■ **Records for the task**
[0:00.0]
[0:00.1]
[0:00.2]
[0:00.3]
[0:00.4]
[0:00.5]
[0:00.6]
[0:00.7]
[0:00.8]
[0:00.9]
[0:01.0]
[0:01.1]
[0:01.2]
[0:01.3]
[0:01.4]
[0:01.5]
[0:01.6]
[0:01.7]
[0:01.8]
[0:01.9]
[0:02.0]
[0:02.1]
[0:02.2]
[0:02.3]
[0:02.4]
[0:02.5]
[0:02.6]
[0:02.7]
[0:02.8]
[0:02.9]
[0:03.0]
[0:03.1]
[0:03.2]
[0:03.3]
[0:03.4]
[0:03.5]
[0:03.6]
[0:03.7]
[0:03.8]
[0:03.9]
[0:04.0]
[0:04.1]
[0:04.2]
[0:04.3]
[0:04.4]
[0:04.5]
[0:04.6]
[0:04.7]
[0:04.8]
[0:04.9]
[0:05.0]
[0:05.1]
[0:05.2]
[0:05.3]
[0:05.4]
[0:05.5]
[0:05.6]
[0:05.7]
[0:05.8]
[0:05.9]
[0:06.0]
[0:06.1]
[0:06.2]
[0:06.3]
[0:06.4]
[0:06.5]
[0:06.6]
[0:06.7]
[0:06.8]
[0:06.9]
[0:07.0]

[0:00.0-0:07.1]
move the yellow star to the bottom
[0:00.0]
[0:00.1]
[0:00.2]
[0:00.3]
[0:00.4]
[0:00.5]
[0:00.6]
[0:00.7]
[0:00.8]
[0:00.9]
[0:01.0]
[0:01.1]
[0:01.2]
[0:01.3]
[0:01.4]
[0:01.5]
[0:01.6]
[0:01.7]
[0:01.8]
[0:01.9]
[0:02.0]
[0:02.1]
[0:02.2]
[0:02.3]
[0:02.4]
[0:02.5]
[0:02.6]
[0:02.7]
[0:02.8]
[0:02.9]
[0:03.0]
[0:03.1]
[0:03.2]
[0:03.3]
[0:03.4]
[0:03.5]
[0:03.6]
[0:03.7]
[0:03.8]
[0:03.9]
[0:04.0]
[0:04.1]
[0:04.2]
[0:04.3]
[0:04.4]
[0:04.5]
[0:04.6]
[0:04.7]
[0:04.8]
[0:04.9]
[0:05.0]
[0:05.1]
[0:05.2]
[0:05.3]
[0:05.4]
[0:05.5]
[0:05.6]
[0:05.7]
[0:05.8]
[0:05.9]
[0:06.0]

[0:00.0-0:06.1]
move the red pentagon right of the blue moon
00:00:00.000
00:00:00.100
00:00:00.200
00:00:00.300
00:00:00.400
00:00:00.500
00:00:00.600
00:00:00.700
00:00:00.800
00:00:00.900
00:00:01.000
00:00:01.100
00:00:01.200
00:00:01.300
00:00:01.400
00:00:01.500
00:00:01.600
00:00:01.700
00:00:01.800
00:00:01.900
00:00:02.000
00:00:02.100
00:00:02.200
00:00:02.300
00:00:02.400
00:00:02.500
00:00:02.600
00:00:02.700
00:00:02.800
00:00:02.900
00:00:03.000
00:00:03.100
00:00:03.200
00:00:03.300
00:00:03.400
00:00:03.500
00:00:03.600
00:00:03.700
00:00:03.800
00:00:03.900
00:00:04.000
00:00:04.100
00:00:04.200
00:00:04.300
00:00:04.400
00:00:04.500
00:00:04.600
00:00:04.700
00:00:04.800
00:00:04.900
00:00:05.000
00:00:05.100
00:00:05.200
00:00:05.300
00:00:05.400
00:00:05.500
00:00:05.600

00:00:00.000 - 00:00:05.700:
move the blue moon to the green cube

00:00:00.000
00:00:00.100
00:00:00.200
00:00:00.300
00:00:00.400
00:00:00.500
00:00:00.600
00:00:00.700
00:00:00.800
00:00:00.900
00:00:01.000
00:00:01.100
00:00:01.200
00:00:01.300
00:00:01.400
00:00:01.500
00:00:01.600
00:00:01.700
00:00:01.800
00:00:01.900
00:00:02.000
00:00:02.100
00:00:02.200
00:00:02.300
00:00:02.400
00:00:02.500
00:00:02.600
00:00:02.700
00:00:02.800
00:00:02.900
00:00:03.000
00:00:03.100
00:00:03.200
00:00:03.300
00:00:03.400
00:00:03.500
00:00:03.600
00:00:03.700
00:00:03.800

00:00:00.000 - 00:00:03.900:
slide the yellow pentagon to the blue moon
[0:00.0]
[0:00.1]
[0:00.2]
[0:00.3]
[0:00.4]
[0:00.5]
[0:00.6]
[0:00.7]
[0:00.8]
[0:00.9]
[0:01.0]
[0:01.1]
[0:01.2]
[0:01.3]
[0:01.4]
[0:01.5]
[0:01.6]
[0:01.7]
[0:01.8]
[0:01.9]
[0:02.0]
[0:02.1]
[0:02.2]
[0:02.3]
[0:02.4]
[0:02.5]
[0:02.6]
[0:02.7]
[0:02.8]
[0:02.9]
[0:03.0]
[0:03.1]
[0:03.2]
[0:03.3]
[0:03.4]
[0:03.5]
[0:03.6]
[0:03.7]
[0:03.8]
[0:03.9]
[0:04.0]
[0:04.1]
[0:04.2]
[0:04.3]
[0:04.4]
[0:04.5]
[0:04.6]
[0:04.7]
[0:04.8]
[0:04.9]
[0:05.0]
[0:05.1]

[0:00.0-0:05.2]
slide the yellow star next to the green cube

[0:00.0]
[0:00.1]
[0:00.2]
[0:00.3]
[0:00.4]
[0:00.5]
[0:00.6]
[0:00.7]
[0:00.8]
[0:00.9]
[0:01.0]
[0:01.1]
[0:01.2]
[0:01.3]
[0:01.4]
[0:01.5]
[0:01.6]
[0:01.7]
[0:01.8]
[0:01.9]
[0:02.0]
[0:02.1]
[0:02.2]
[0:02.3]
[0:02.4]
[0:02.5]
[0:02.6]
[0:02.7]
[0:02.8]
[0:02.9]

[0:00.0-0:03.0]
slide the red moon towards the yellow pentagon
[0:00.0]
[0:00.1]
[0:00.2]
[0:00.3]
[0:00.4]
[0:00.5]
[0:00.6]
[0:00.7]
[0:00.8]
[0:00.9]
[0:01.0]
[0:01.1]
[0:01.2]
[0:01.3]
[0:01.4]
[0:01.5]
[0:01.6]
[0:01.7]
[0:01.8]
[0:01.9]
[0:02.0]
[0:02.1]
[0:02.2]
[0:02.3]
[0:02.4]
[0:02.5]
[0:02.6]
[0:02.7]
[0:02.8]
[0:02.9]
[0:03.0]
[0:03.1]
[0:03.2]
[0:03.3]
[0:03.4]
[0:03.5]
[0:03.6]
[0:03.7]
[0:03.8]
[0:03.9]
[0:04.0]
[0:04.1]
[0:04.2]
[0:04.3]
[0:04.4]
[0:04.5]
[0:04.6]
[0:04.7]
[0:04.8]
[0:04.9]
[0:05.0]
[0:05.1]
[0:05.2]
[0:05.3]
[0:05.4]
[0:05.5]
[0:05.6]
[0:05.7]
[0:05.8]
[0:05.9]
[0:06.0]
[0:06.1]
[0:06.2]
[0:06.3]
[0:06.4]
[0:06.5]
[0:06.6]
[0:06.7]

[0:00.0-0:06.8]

■ **Description of the task**
Faithfully reproduce all of the material.

■ **Expected answer**
[0:00.0]
[0:00.1]
[0:00.2]
[0:00.3]
[0:00.4]
[0:00.5]
[0:00.6]
[0:00.7]
[0:00.8]
[0:00.9]
[0:01.0]
[0:01.1]
[0:01.2]
[0:01.3]
[0:01.4]
[0:01.5]
[0:01.6]
[0:01.7]
[0:01.8]
[0:01.9]
[0:02.0]
[0:02.1]
[0:02.2]
[0:02.3]
[0:02.4]
[0:02.5]
[0:02.6]
[0:02.7]
[0:02.8]
[0:02.9]
[0:03.0]
[0:03.1]
[0:03.2]
[0:03.3]
[0:03.4]
[0:03.5]
[0:03.6]
[0:03.7]
[0:03.8]
[0:03.9]
[0:04.0]
[0:04.1]
[0:04.2]
[0:04.3]
[0:04.4]
[0:04.5]
[0:04.6]
[0:04.7]
[0:04.8]
[0:04.9]
[0:05.0]
[0:05.1]
[0:05.2]
[0:05.3]
[0:05.4]
[0:05.5]
[0:05.6]
[0:05.7]
[0:05.8]
[0:05.9]
[0:06.0]
[0:06.1]
[0:06.2]
[0:06.3]
[0:06.4]
[0:06.5]
[0:06.6]
[0:06.7]
[0:06.8]
[0:06.9]
[0:07.0]

[0:00.0-0:07.1]
move the yellow star to the bottom
[0:00.0]
[0:00.1]
[0:00.2]
[0:00.3]
[0:00.4]
[0:00.5]
[0:00.6]
[0:00.7]
[0:00.8]
[0:00.9]
[0:01.0]
[0:01.1]
[0:01.2]
[0:01.3]
[0:01.4]
[0:01.5]
[0:01.6]
[0:01.7]
[0:01.8]
[0:01.9]
[0:02.0]
[0:02.1]
[0:02.2]
[0:02.3]
[0:02.4]
[0:02.5]
[0:02.6]
[0:02.7]
[0:02.8]
[0:02.9]
[0:03.0]
[0:03.1]
[0:03.2]
[0:03.3]
[0:03.4]
[0:03.5]
[0:03.6]
[0:03.7]
[0:03.8]
[0:03.9]
[0:04.0]
[0:04.1]
[0:04.2]
[0:04.3]
[0:04.4]
[0:04.5]
[0:04.6]
[0:04.7]
[0:04.8]
[0:04.9]
[0:05.0]
[0:05.1]
[0:05.2]
[0:05.3]
[0:05.4]
[0:05.5]
[0:05.6]
[0:05.7]
[0:05.8]
[0:05.9]
[0:06.0]

[0:00.0-0:06.1]
move the red pentagon right of the blue moon
00:00:00.000
00:00:00.100
00:00:00.200
00:00:00.300
00:00:00.400
00:00:00.500
00:00:00.600
00:00:00.700
00:00:00.800
00:00:00.900
00:00:01.000
00:00:01.100
00:00:01.200
00:00:01.300
00:00:01.400
00:00:01.500
00:00:01.600
00:00:01.700
00:00:01.800
00:00:01.900
00:00:02.000
00:00:02.100
00:00:02.200
00:00:02.300
00:00:02.400
00:00:02.500
00:00:02.600
00:00:02.700
00:00:02.800
00:00:02.900
00:00:03.000
00:00:03.100
00:00:03.200
00:00:03.300
00:00:03.400
00:00:03.500
00:00:03.600
00:00:03.700
00:00:03.800
00:00:03.900
00:00:04.000
00:00:04.100
00:00:04.200
00:00:04.300
00:00:04.400
00:00:04.500
00:00:04.600
00:00:04.700
00:00:04.800
00:00:04.900
00:00:05.000
00:00:05.100
00:00:05.200
00:00:05.300
00:00:05.400
00:00:05.500
00:00:05.600

00:00:00.000 - 00:00:05.700:
move the blue moon to the green cube

00:00:00.000
00:00:00.100
00:00:00.200
00:00:00.300
00:00:00.400
00:00:00.500
00:00:00.600
00:00:00.700
00:00:00.800
00:00:00.900
00:00:01.000
00:00:01.100
00:00:01.200
00:00:01.300
00:00:01.400
00:00:01.500
00:00:01.600
00:00:01.700
00:00:01.800
00:00:01.900
00:00:02.000
00:00:02.100
00:00:02.200
00:00:02.300
00:00:02.400
00:00:02.500
00:00:02.600
00:00:02.700
00:00:02.800
00:00:02.900
00:00:03.000
00:00:03.100
00:00:03.200
00:00:03.300
00:00:03.400
00:00:03.500
00:00:03.600
00:00:03.700
00:00:03.800

00:00:00.000 - 00:00:03.900:
slide the yellow pentagon to the blue moon
[0:00.0]
[0:00.1]
[0:00.2]
[0:00.3]
[0:00.4]
[0:00.5]
[0:00.6]
[0:00.7]
[0:00.8]
[0:00.9]
[0:01.0]
[0:01.1]
[0:01.2]
[0:01.3]
[0:01.4]
[0:01.5]
[0:01.6]
[0:01.7]
[0:01.8]
[0:01.9]
[0:02.0]
[0:02.1]
[0:02.2]
[0:02.3]
[0:02.4]
[0:02.5]
[0:02.6]
[0:02.7]
[0:02.8]
[0:02.9]
[0:03.0]
[0:03.1]
[0:03.2]
[0:03.3]
[0:03.4]
[0:03.5]
[0:03.6]
[0:03.7]
[0:03.8]
[0:03.9]
[0:04.0]
[0:04.1]
[0:04.2]
[0:04.3]
[0:04.4]
[0:04.5]
[0:04.6]
[0:04.7]
[0:04.8]
[0:04.9]
[0:05.0]
[0:05.1]

[0:00.0-0:05.2]
slide the yellow star next to the green cube

[0:00.0]
[0:00.1]
[0:00.2]
[0:00.3]
[0:00.4]
[0:00.5]
[0:00.6]
[0:00.7]
[0:00.8]
[0:00.9]
[0:01.0]
[0:01.1]
[0:01.2]
[0:01.3]
[0:01.4]
[0:01.5]
[0:01.6]
[0:01.7]
[0:01.8]
[0:01.9]
[0:02.0]
[0:02.1]
[0:02.2]
[0:02.3]
[0:02.4]
[0:02.5]
[0:02.6]
[0:02.7]
[0:02.8]
[0:02.9]

[0:00.0-0:03.0]
slide the red moon towards the yellow pentagon
[0:00.0]
[0:00.1]
[0:00.2]
[0:00.3]
[0:00.4]
[0:00.5]
[0:00.6]
[0:00.7]
[0:00.8]
[0:00.9]
[0:01.0]
[0:01.1]
[0:01.2]
[0:01.3]
[0:01.4]
[0:01.5]
[0:01.6]
[0:01.7]
[0:01.8]
[0:01.9]
[0:02.0]
[0:02.1]
[0:02.2]
[0:02.3]
[0:02.4]
[0:02.5]
[0:02.6]
[0:02.7]
[0:02.8]
[0:02.9]
[0:03.0]
[0:03.1]
[0:03.2]
[0:03.3]
[0:03.4]
[0:03.5]
[0:03.6]
[0:03.7]
[0:03.8]
[0:03.9]
[0:04.0]
[0:04.1]
[0:04.2]
[0:04.3]
[0:04.4]
[0:04.5]
[0:04.6]
[0:04.7]
[0:04.8]
[0:04.9]
[0:05.0]
[0:05.1]
[0:05.2]
[0:05.3]
[0:05.4]
[0:05.5]
[0:05.6]
[0:05.7]
[0:05.8]
[0:05.9]
[0:06.0]
[0:06.1]
[0:06.2]
[0:06.3]
[0:06.4]
[0:06.5]
[0:06.6]
[0:06.7]

[0:00.0-0:06.8]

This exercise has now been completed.